As a designer, she has range—a range that comes from an appreciation of various cultures and histories. She can design a classical interior with the same ease as an austere modern one because she values the experience of designing from a reference rooted in something bigger. For Sequoyah, every style and aesthetic have meaning and purpose—not one greater than the other.
Interior Designer, Educator, and Senior Researcher, Healthy Materials Lab
Catherine Murphy is an Adjunct Assistant Professor in Architecture at Columbia GSAPP, where she teaches Healthier Building Materials. Trained as an artist and designer, Catherine is dedicated to making physical spaces healthier for everyone. Passionate about renovation and re-use, Catherine’s designs respond to the history of the place and the client, rather than adhering to a signature style. Her practice is rooted in craft, making, and the inherent potential of materials in their purest and healthiest states. Her current research explores re-use and repair and stories of place through the lens of textiles.
Catherine shares her expertise in healthier building materials at a number of leading design schools. She is a Senior Researcher at Parsons Healthy Materials Lab where she has led educational programming for five years. She also teaches at The New School, from where she holds a Master of Fine Art in Interior Design, and she holds an undergraduate degree specializing in Embroidery from the University of Ulster, Belfast. She is from Sligo in the west of Ireland.
Architect, Rexrode Chirigos Architects
Betty Rexrode is an award-winning architect known for her design of commercial galleries, art related spaces, and environmental projects, establishing Rexrode Chirigos Architects in 2006.
She is a relentless environmentalist raising Phelon oysters and sustainable garden to support a net-zero lifestyle; NYC sailor and cyclist; an active member of Cornell SPAT & Billion Oyster Projects; board member of the Great South Bay Island Association; involved with Transportation Alternatives and Bridging 4 People Initiatives NYC; active member in the AIA NY Women in Architecture and Committee for the Environment.
Betty received her Bachelor of Architecture from Carnegie Mellon University, post bac studies at the University of Texas at Austin, has taught at Princeton, and is a frequent guest critic at Pratt and Carnegie Mellon. Betty is a licensed architect, registered in New York and New Jersey, LEED and NCARB certified, and mother of two.
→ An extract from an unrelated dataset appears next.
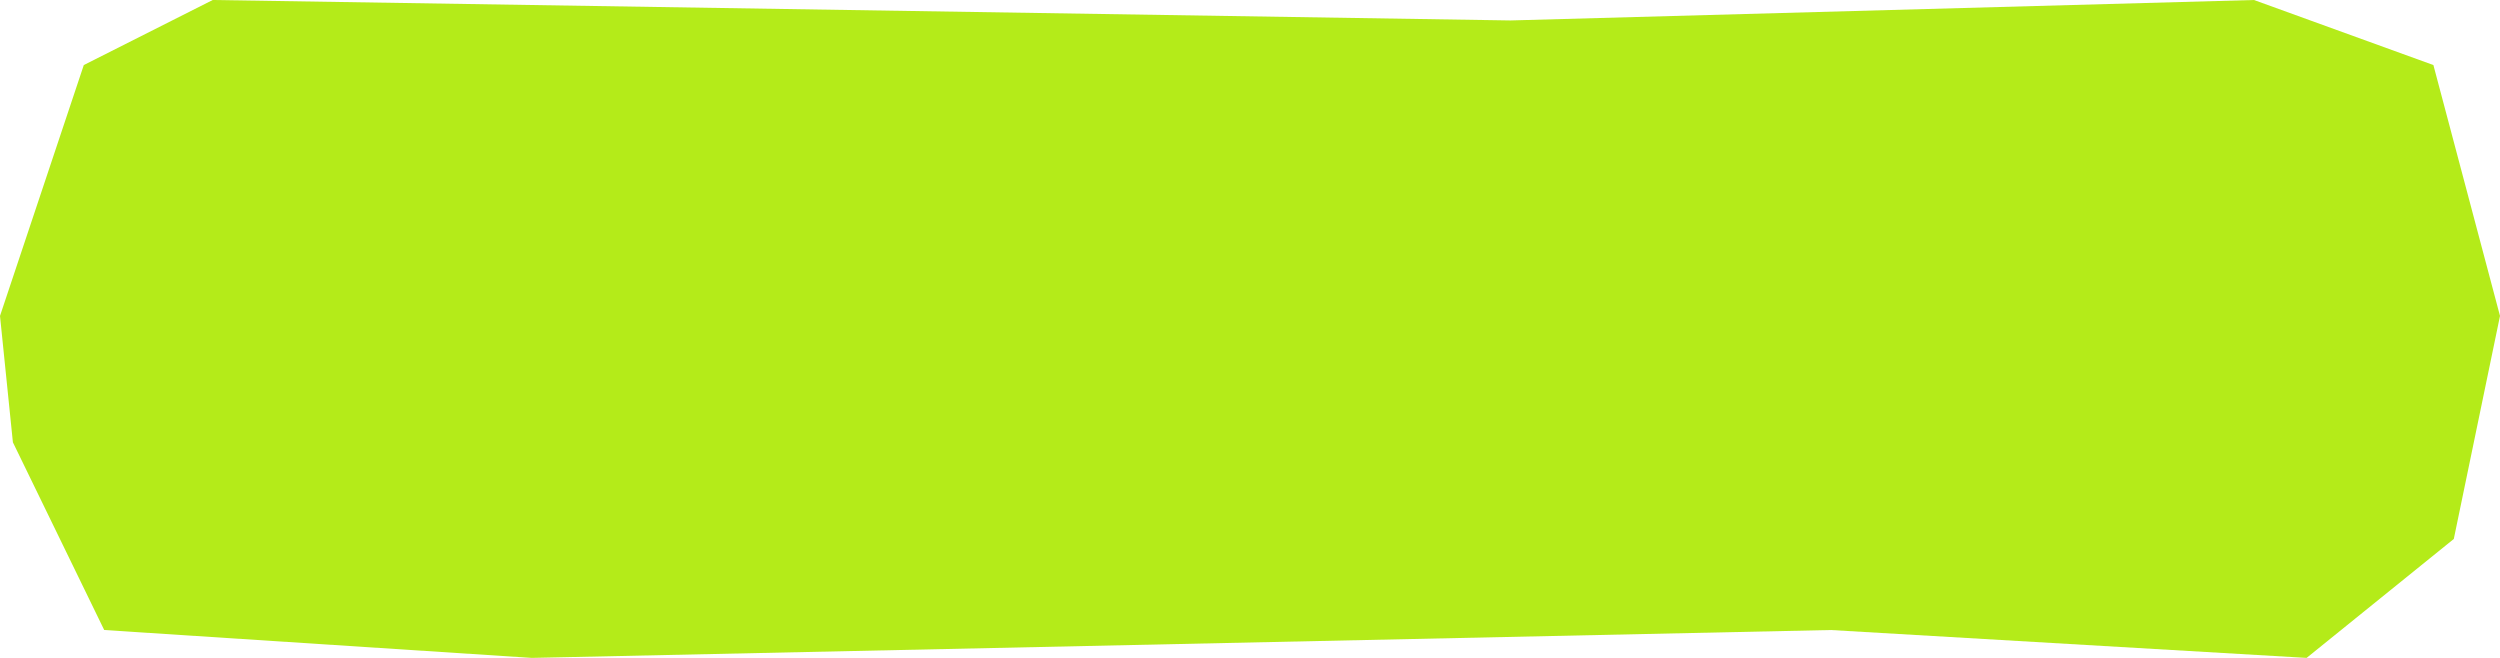 <?xml version="1.0" encoding="UTF-8"?> <svg xmlns="http://www.w3.org/2000/svg" width="190" height="50" viewBox="0 0 190 50" fill="none"> <g clip-path="url(#clip0_370_9595)"> <path d="M6.369 4.944L0 24.011L0.98 33.616L7.92 47.881L40.417 50L139.132 47.881L175.303 50L186.489 40.961L190 24.011L184.938 4.944L171.302 0L114.8 1.554L16.167 0L6.369 4.944Z" fill="#B4EB19"></path> </g> <defs> <clipPath id="clip0_370_9595"> <rect width="190" height="50" fill="white"></rect> </clipPath> </defs> </svg> 
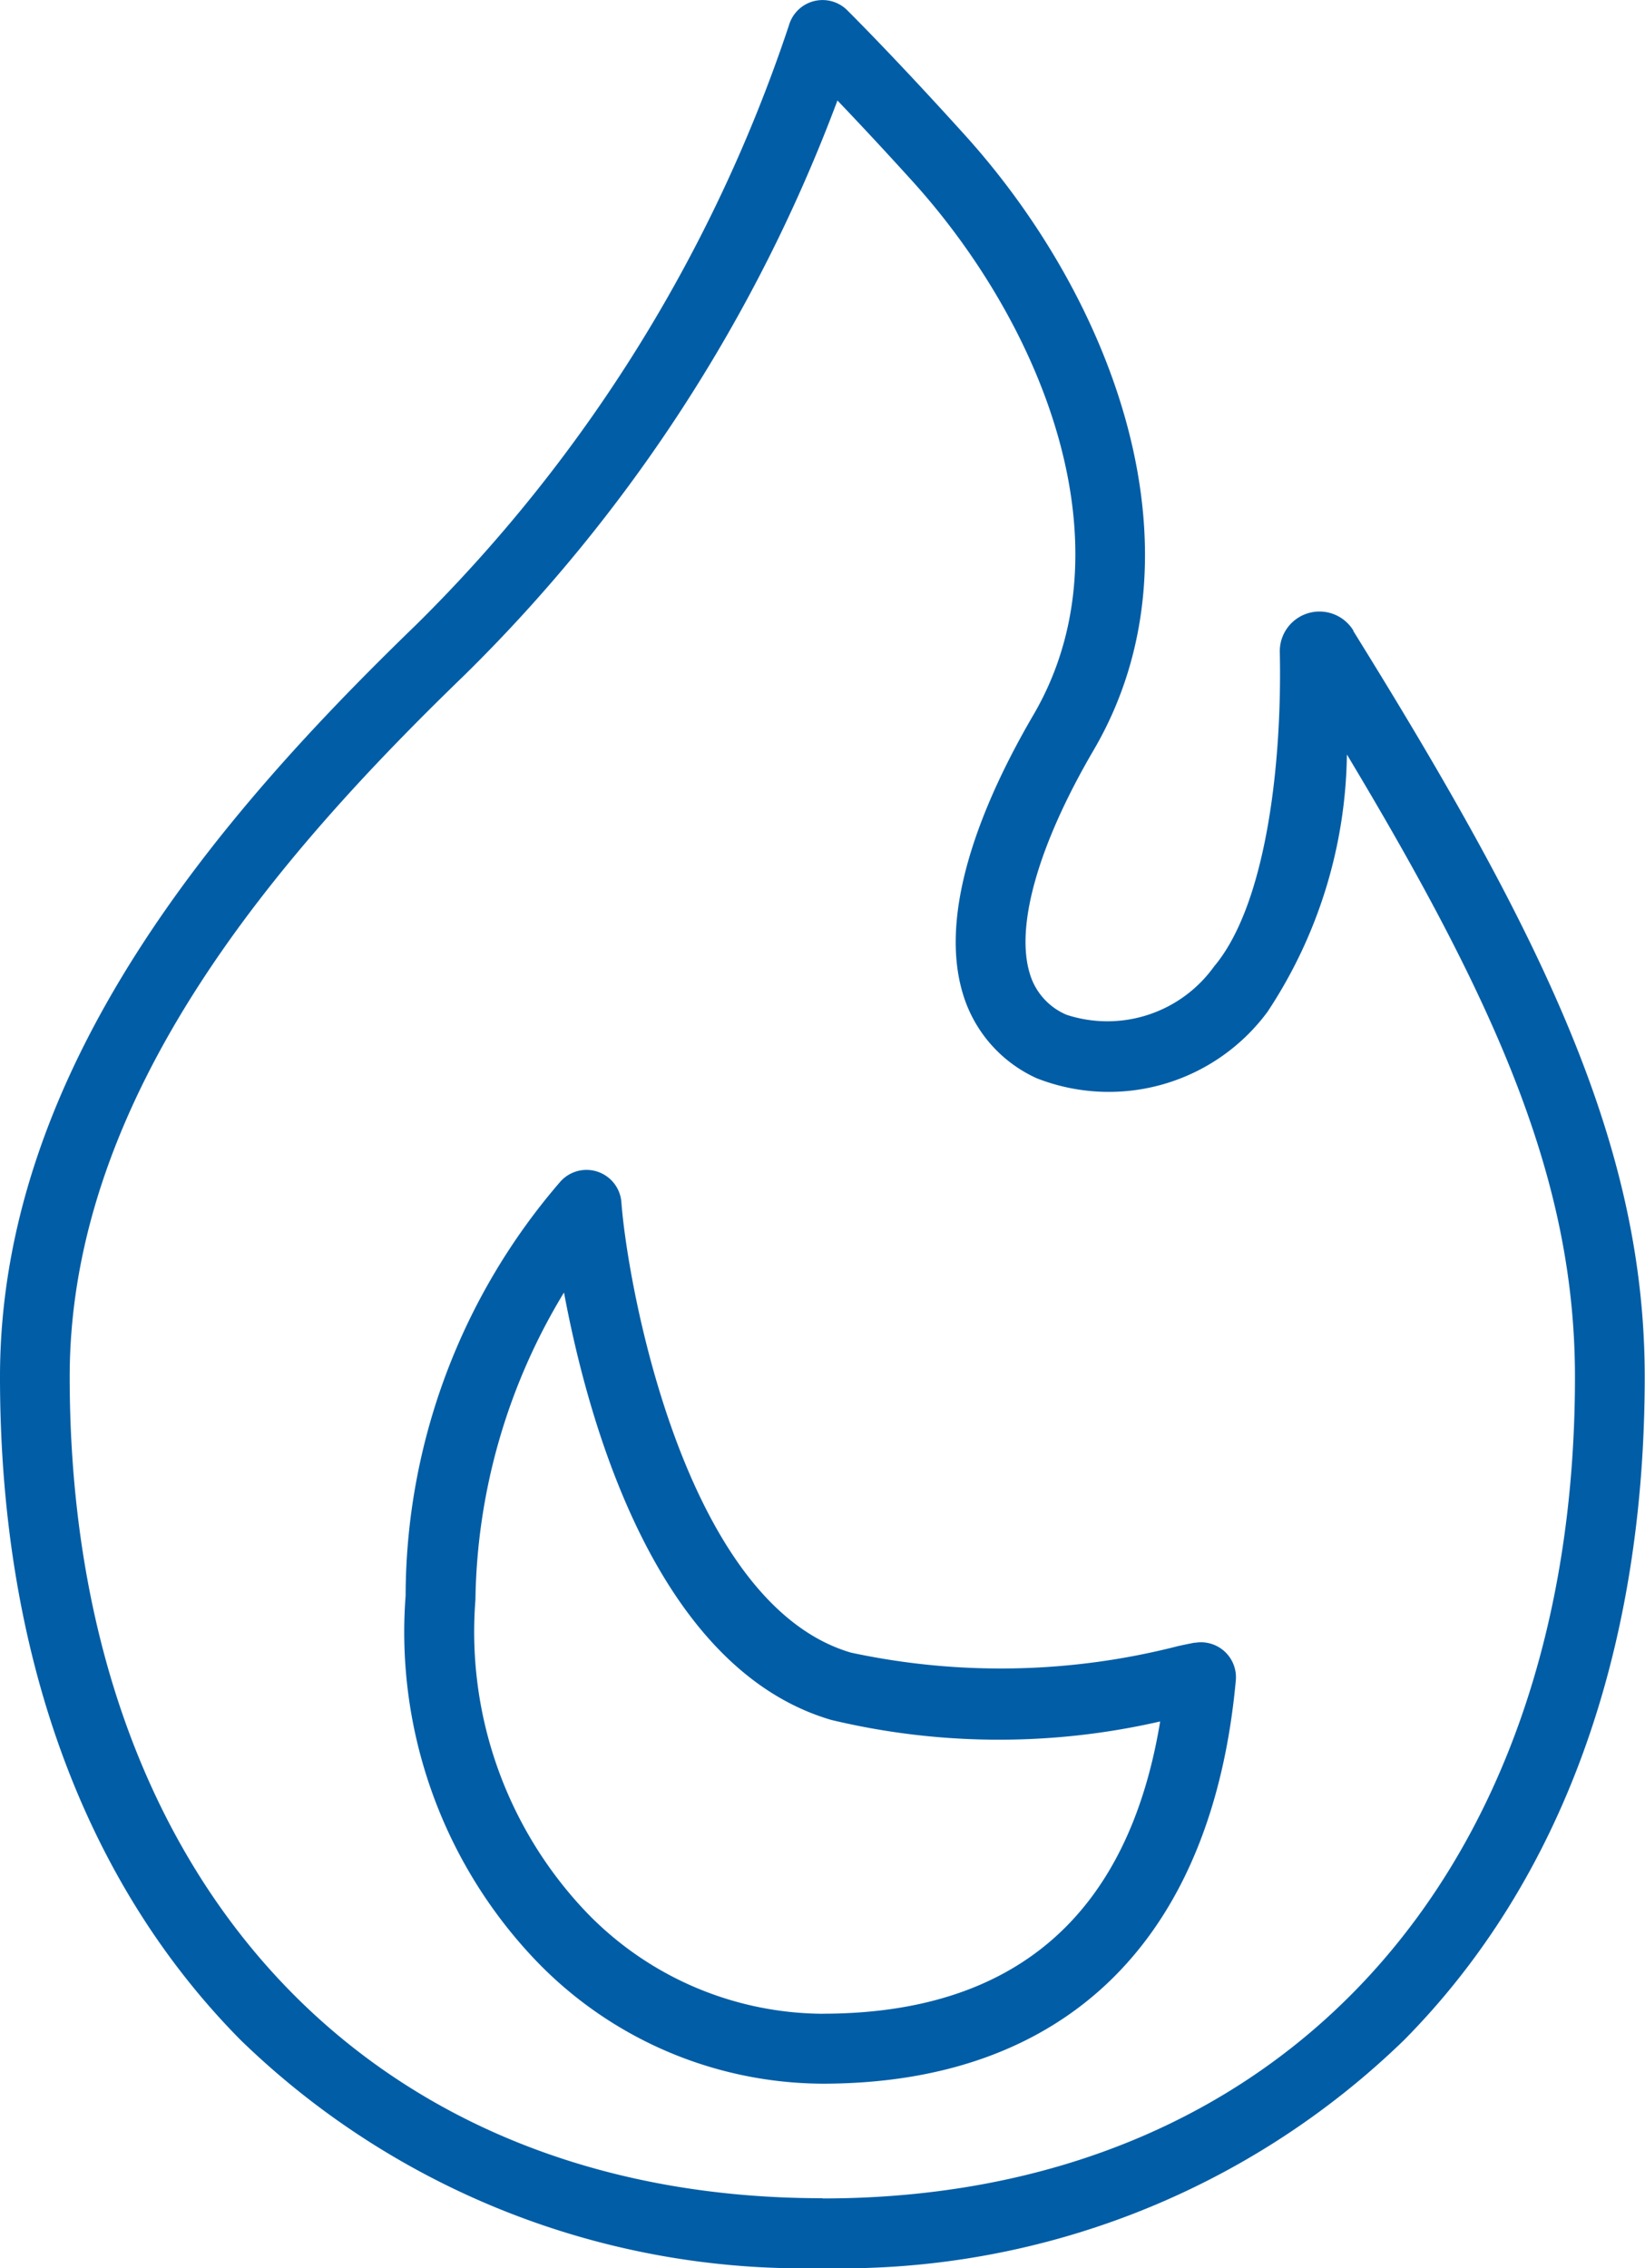 <svg xmlns="http://www.w3.org/2000/svg" width="29.009" height="40" viewBox="0 0 29.009 40"><defs><clipPath id="a"><path data-name="長方形 433" fill="none" d="M0 0h29.009v40H0z"/></clipPath></defs><g data-name="グループ 433" clip-path="url(#a)" fill="#005da6"><path data-name="パス 294" d="M23.869 11.125a.7.7 0 00-1.3.383c.042 1.962-.24 4.447-1.159 5.536a2.315 2.315 0 01-2.6.853 1.135 1.135 0 01-.649-.724c-.26-.841.151-2.28 1.127-3.948 2.045-3.5.331-7.967-2.276-10.847-1.231-1.363-2.04-2.166-2.073-2.199a.617.617 0 00-1.027.27A26.706 26.706 0 017.34 11.017C3.922 14.324 0 18.82 0 24.28c0 4.849 1.468 8.895 4.246 11.7A14.242 14.242 0 0014.5 40a14.242 14.242 0 0010.258-4.02c2.778-2.805 4.246-6.851 4.246-11.7 0-4.1-1.807-7.785-5.14-13.154M14.5 38.767c-8.062 0-13.271-5.687-13.271-14.487 0-5 3.722-9.238 6.964-12.376a27.926 27.926 0 006.575-10.132c.344.36.8.846 1.332 1.434 2.3 2.546 3.855 6.439 2.125 9.4-.825 1.411-1.711 3.414-1.24 4.936a2.383 2.383 0 001.3 1.475 3.48 3.48 0 004.067-1.173 8.4 8.4 0 001.4-4.538c2.669 4.446 4.022 7.535 4.022 10.978 0 8.8-5.209 14.487-13.271 14.487"/><path data-name="パス 295" d="M21.071 28.969a8.244 8.244 0 00-.3.062 12.581 12.581 0 01-5.765.114c-2.935-.861-3.94-6.483-4.048-7.942a.617.617 0 00-1.079-.361 11.2 11.2 0 00-2.726 7.3 8.389 8.389 0 002.2 6.33 7.046 7.046 0 005.152 2.275c4.279 0 6.867-2.525 7.288-7.111a.617.617 0 00-.721-.664m-6.568 6.542a5.825 5.825 0 01-4.255-1.888 7.169 7.169 0 01-1.865-5.412 10.709 10.709 0 011.562-5.42c.433 2.326 1.639 6.637 4.713 7.538a12.71 12.71 0 005.8.027c-.564 3.421-2.564 5.154-5.954 5.154"/></g></svg>

Bike Restorer and Founder, Nomad Cycle
Damon grew up with a wrench in his hand. Since his youth, he has spent countless hours repairing and adaptively reusing worn out or discarded furnishings and machinery; just about everything from camper trailers to motorcycles to antique fans. He also managed to have a 30 year career as an architect restoring and adaptively reusing existing buildings. For the past several decades, his wrenching zeal has been focused on bicycles. In 2014, he retired from architecture and started Nomad Cycle, a Queens, New York based bicycle shop that specializes in the restoration and adaptive reuse of vintage bicycles. So far, he has managed to restore over 300 bicycles and to repair and keep on the road countless others.
Leila Behjat, Sam Bennett, and Rheanna Chen, pictured left to right, are part of the cohort for The Maintainers Movement Fellowship in 2022.
The Maintainers is a global research network interested in the concepts of maintenance, infrastructure, repair, and the myriad forms of labor and expertise that sustain our human-built world. Our members come from a variety of backgrounds, including engineers, business leaders, academic historians, social scientists, government, non-profit agencies, artists, activists, coders, and more.